Joke Collection Website - Mood Talk - Notes on Mathematical Modeling —— Entropy Weight Method of Evaluation Model

Notes on Mathematical Modeling —— Entropy Weight Method of Evaluation Model

Ok, this time I will talk about entropy weight method, a method to determine the weight of evaluation indicators through sample data.

We mentioned TOPSIS method before, which is used to deal with evaluation models with data. TOPSIS method is quite simple, about three steps.

For the calculation of the above sum, we often use the Euclidean distance between the scheme to be evaluated and the ideal optimal worst scheme after standardized data, that is, this calculation method actually hides a premise, that is, we default that all indicators have the same importance to the final score, that is, the same weight.

Giving different weights to evaluation indicators is more in line with the actual modeling situation and more explanatory. We have also mentioned the methods of determining the weight many times, such as searching other research reports online, sending questionnaires to do surveys, finding experts to empower them and so on. Analytic Hierarchy Process (AHP) is a convincing method to determine the weight. However, the shortcoming of AHP is also obvious, that is, it is too subjective, and the judgment matrix is basically filled in by individuals, which is often the most suitable for the situation without data.

When we have the data, can we determine the weights directly from the data?

For example, common sense can hardly help us to determine which is the most important factor affecting water quality, nor can it tell us how to measure the importance of other indicators. If you can't find the relevant information, you can really only authorize yourself completely subjectively. There are only four indicators. If there are ten or twenty indicators, subjective empowerment will be more troublesome.

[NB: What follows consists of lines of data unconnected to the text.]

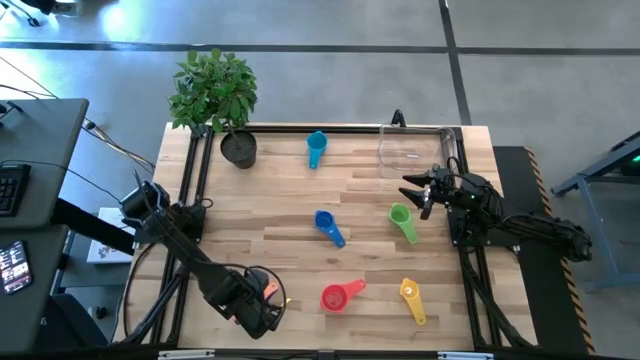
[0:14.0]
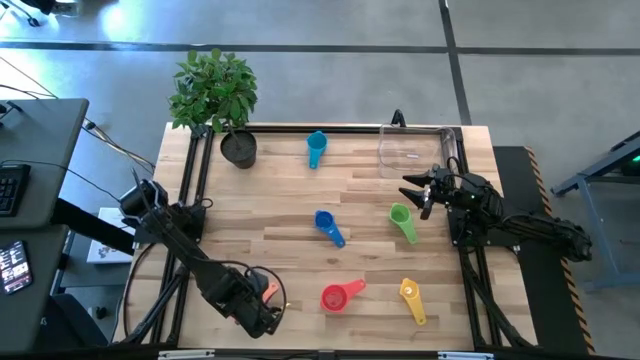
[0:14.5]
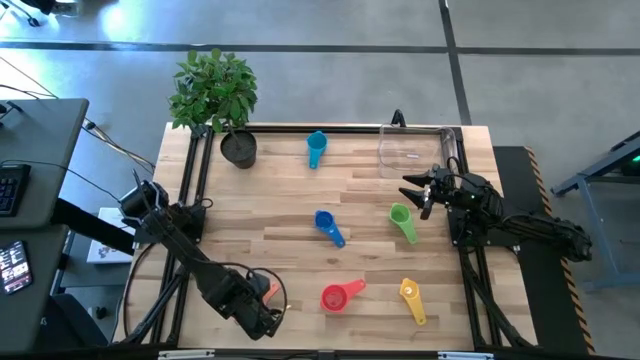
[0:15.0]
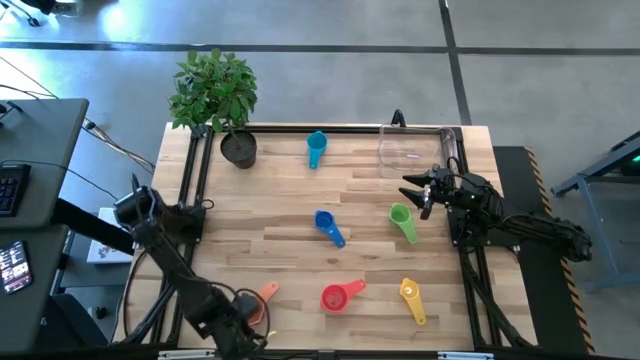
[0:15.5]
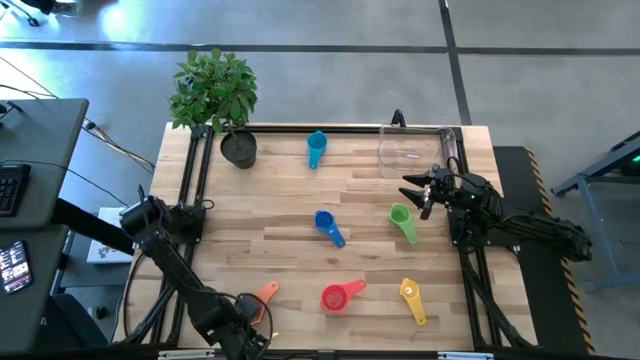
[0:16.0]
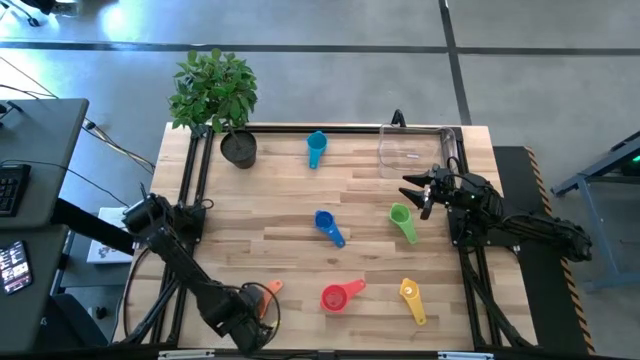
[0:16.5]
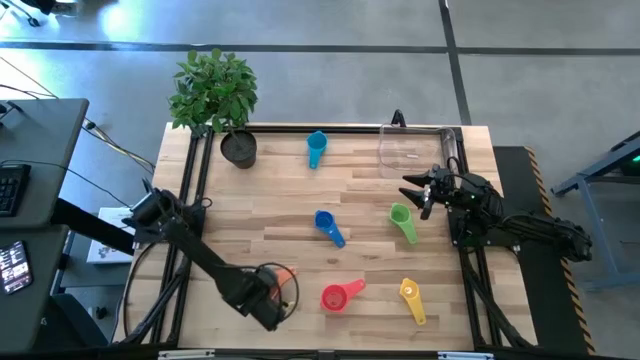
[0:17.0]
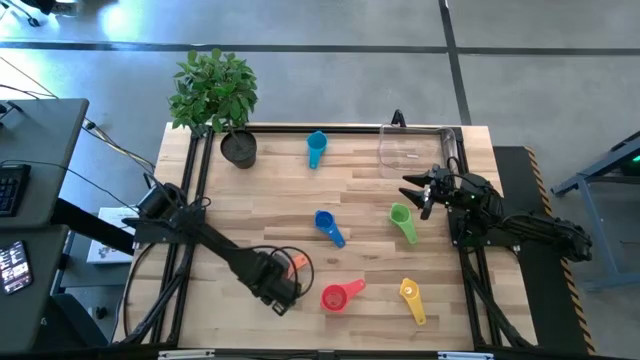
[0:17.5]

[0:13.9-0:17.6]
Move the stack of measuring cups to the center of the table

Having said that, we can derive a method to determine the weight completely from the data, that is, the entropy weight method. In fact, after listening to the above sentence, we should realize the shortcomings of the entropy weight method: only starting from the data, regardless of the actual background of the problem, it may violate common sense when determining the weight. Even when grading, there will be problems. Of course, we can be flexible. Entropy weight method still has its advantages, and the force is relatively large ... Of course, I don't know if the judges and teachers like this method. This is just an introduction. Whether to adopt it or not depends on the individual ~

Entropy-the degree of chaos within the system. Sounds great, doesn't it? There is also a famous "law of entropy increase", which I believe everyone has heard more or less. Although it is a law of thermodynamics, it actually contains some philosophical truths: everything moves from order to disorder. Then why is this method of determining weight called entropy weight method? After all, the data is completely given and there will be no so-called transition to disorder.

I don't know the details. Let me briefly say my opinion. Modern science not only uses entropy, but also uses "information" to express the degree of order of the system. If a system contains a certain structure, it has certain information, which is called "structural information". The more structural information, the more orderly the system will be. It may be metaphysical to say so. Let me give you a simple example.

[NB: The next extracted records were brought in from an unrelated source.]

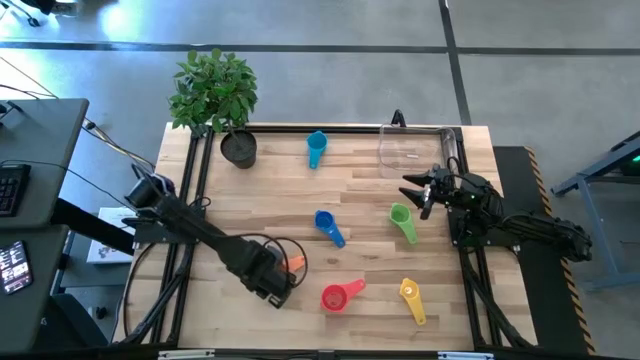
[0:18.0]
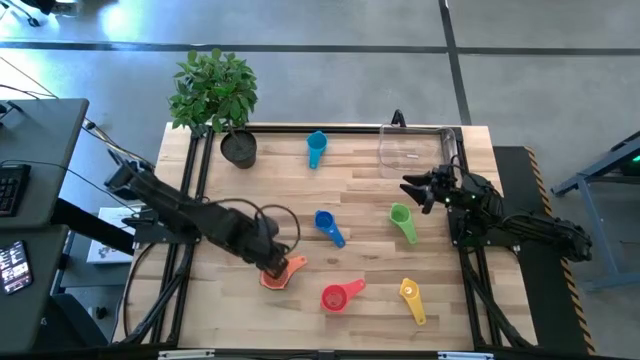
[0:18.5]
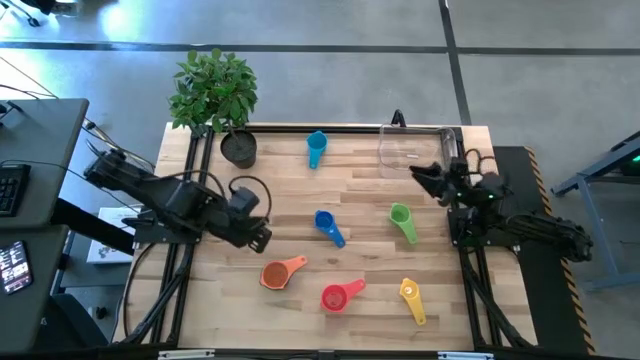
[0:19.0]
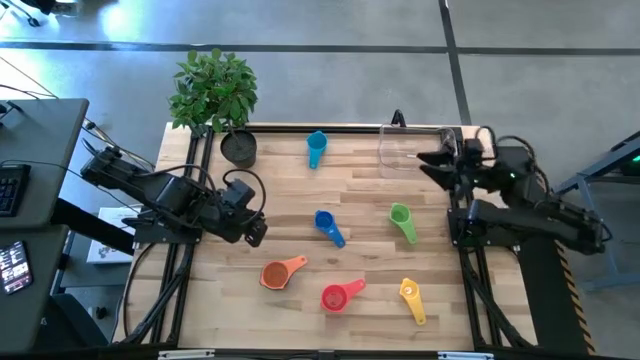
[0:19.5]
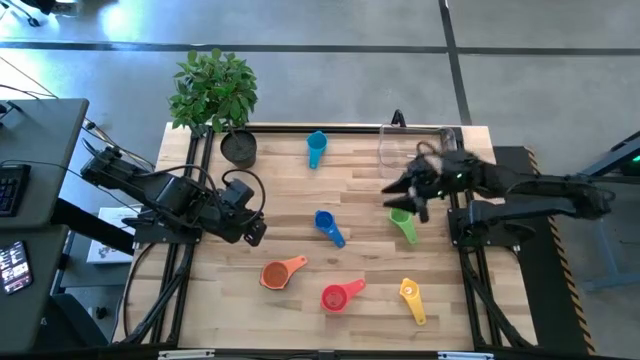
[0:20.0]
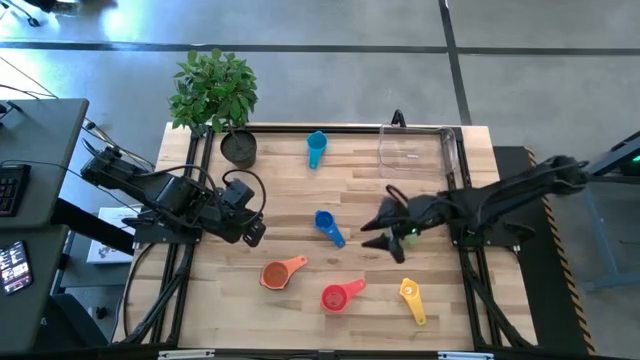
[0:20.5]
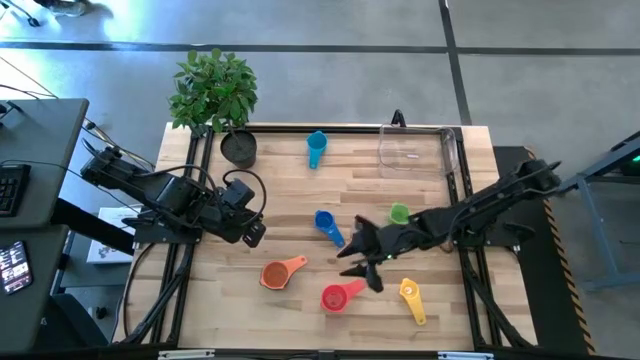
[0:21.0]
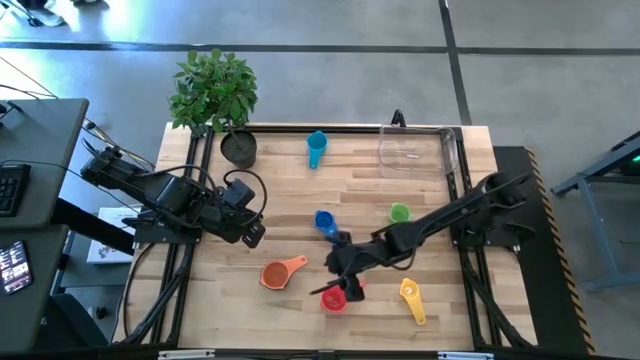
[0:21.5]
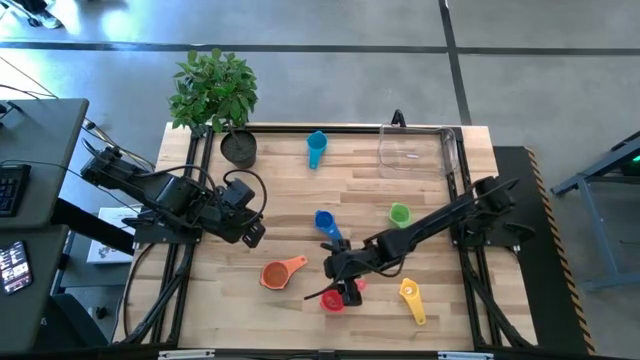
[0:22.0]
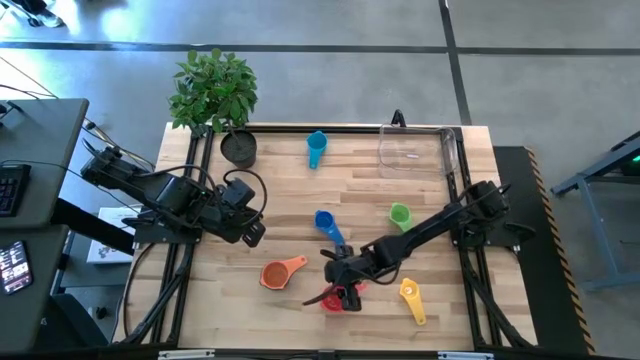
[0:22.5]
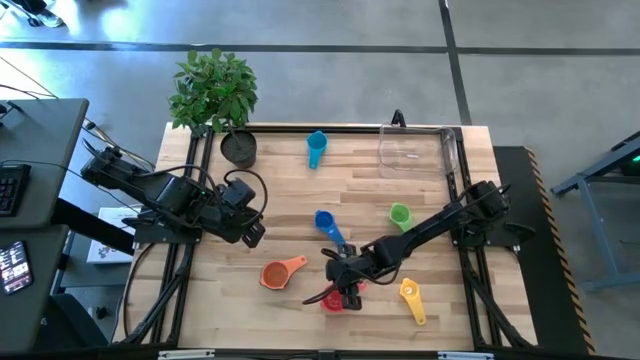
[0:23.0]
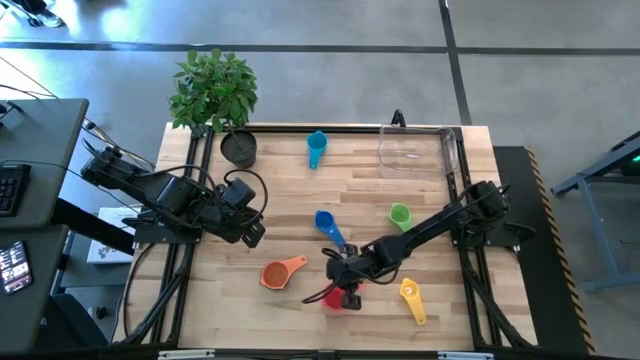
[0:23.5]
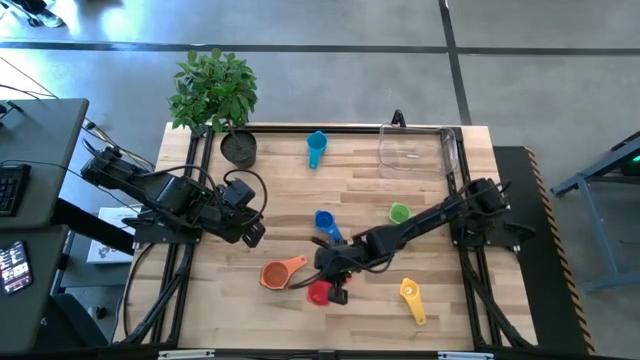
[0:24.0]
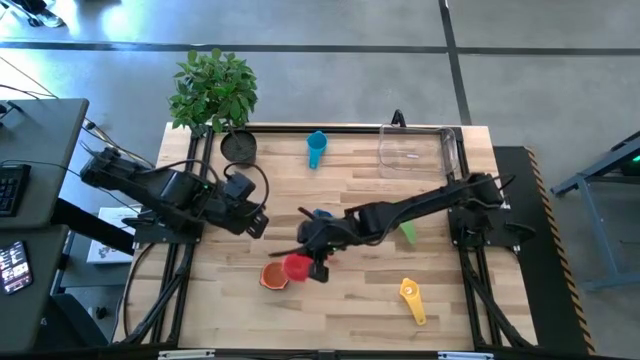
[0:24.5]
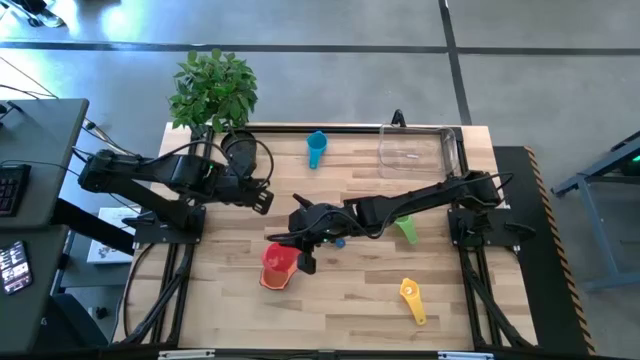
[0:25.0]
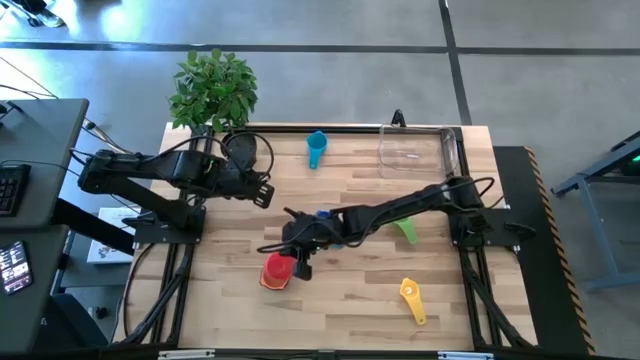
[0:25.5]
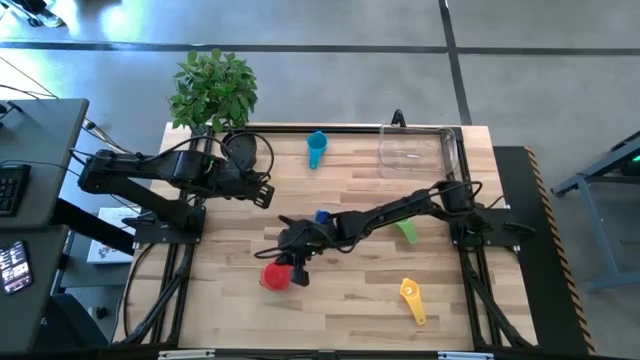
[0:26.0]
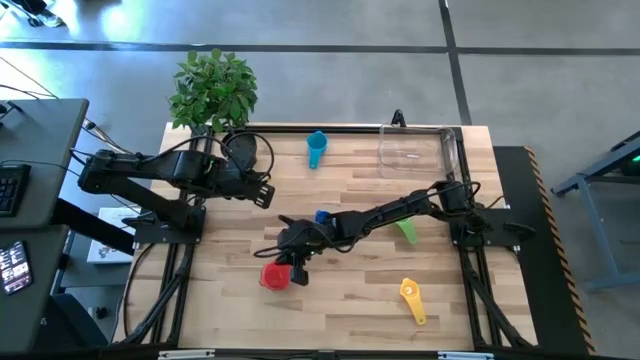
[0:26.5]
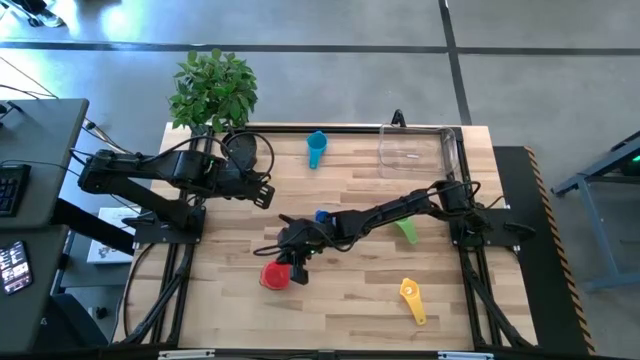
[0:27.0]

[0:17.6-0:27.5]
Stack the red measuring cup on top of the orange measuring cup

Look at the sand on the seashore. If it only distributes freely with the natural state, there is basically no information at all, and the system is completely chaotic.

If you build a sandcastle, things will be different. Sand has a certain structure, and the system composed of this part of sand becomes relatively orderly, and we can also see some information from it. The more such information, the more accurate the sandcastle and the more orderly the system. It should be understandable ~

Of course, it doesn't matter if you don't understand. I'm just saying. The principle of entropy weight method is that the smaller the variation degree of index, the less information it reflects and the lower the corresponding weight. In other words, the entropy weight method uses the information contained in the index to determine the position of the index in all indicators. Because entropy measures the degree of chaos of the system, it can also be used to measure the amount of information, so it is understandable to name this method entropy weight method. (But this is all my guess ...)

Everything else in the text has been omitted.